Mención aparte es el caso de Nicaragua, convertida en una patética caricatura de satrapía por obra y gracia de su presidente Daniel Ortega y su vicepresidenta, su esposa Rosa Murillo, quienes han vaciado de contenidos al sistema democrático, expulsado a los diputados opositores del parlamento, comprado a la oposición derechista y se han enriquecido, junto con sus familiares y amigos, de una forma infame e insultante en uno de los países más pobres del mundo.

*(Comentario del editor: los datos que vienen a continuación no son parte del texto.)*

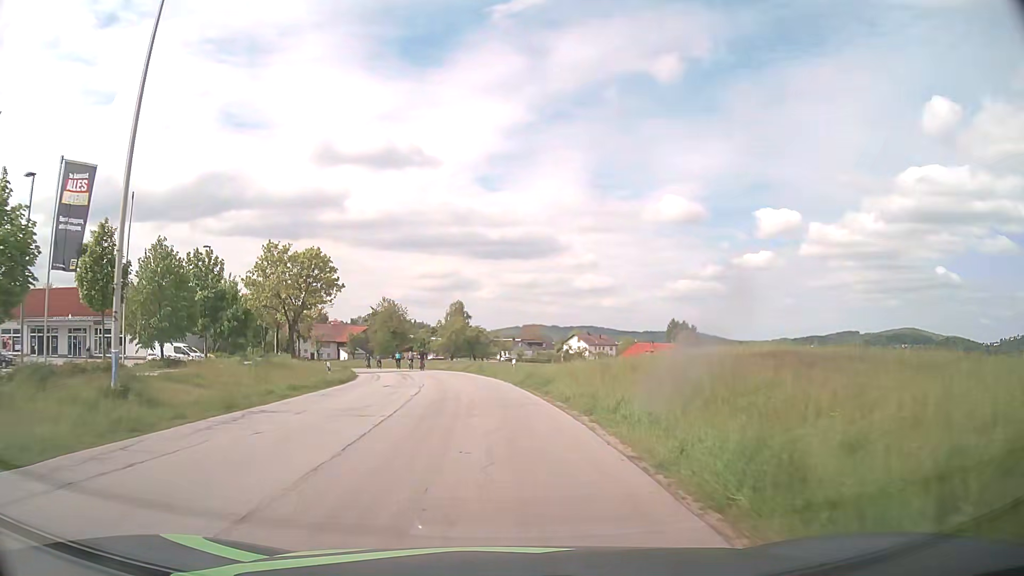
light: Day
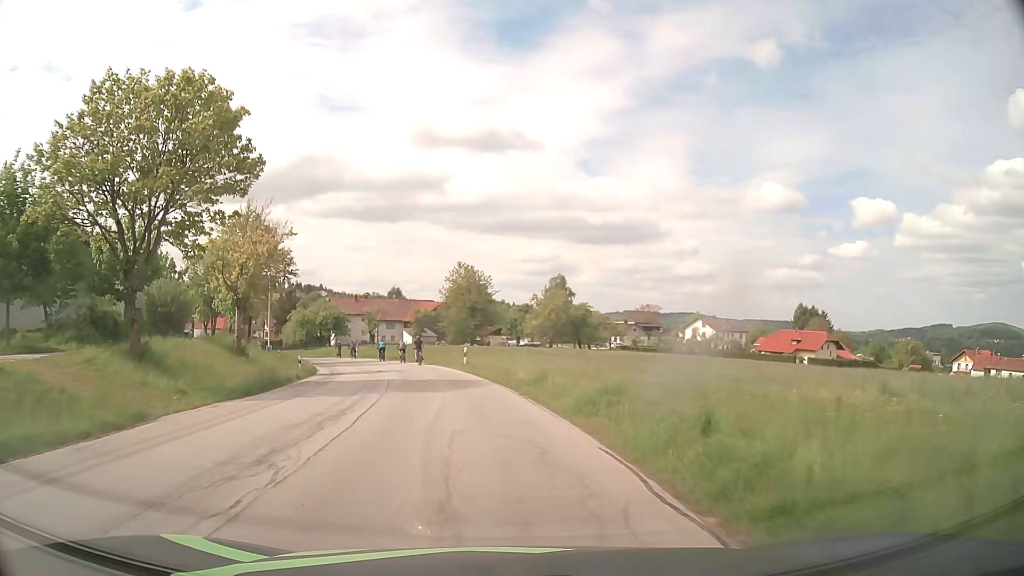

La mayor parte de los antiguos líderes sandinistas, entre los que destacan con luz propia Sergio Ramírez y Enrique Cardenal, han abandonado ya al régimen y deploran el actual estado de cosas rayano a una impresentable dictadura bananera. La Nicaragua de Ortega, cuando han pasado casi cuarenta años del derribo del dictador Somoza, no tiene nada que envidiar, ni de lejos, con la de aquel contra los que lucharon miles de hombres y mujeres que creyeron ver en el sandinismo el final del túnel para un país cansado de esperar en la cola de la historia. Pero no fue así, el amanecer todavía no ha llegado, al menos para Nicaragua.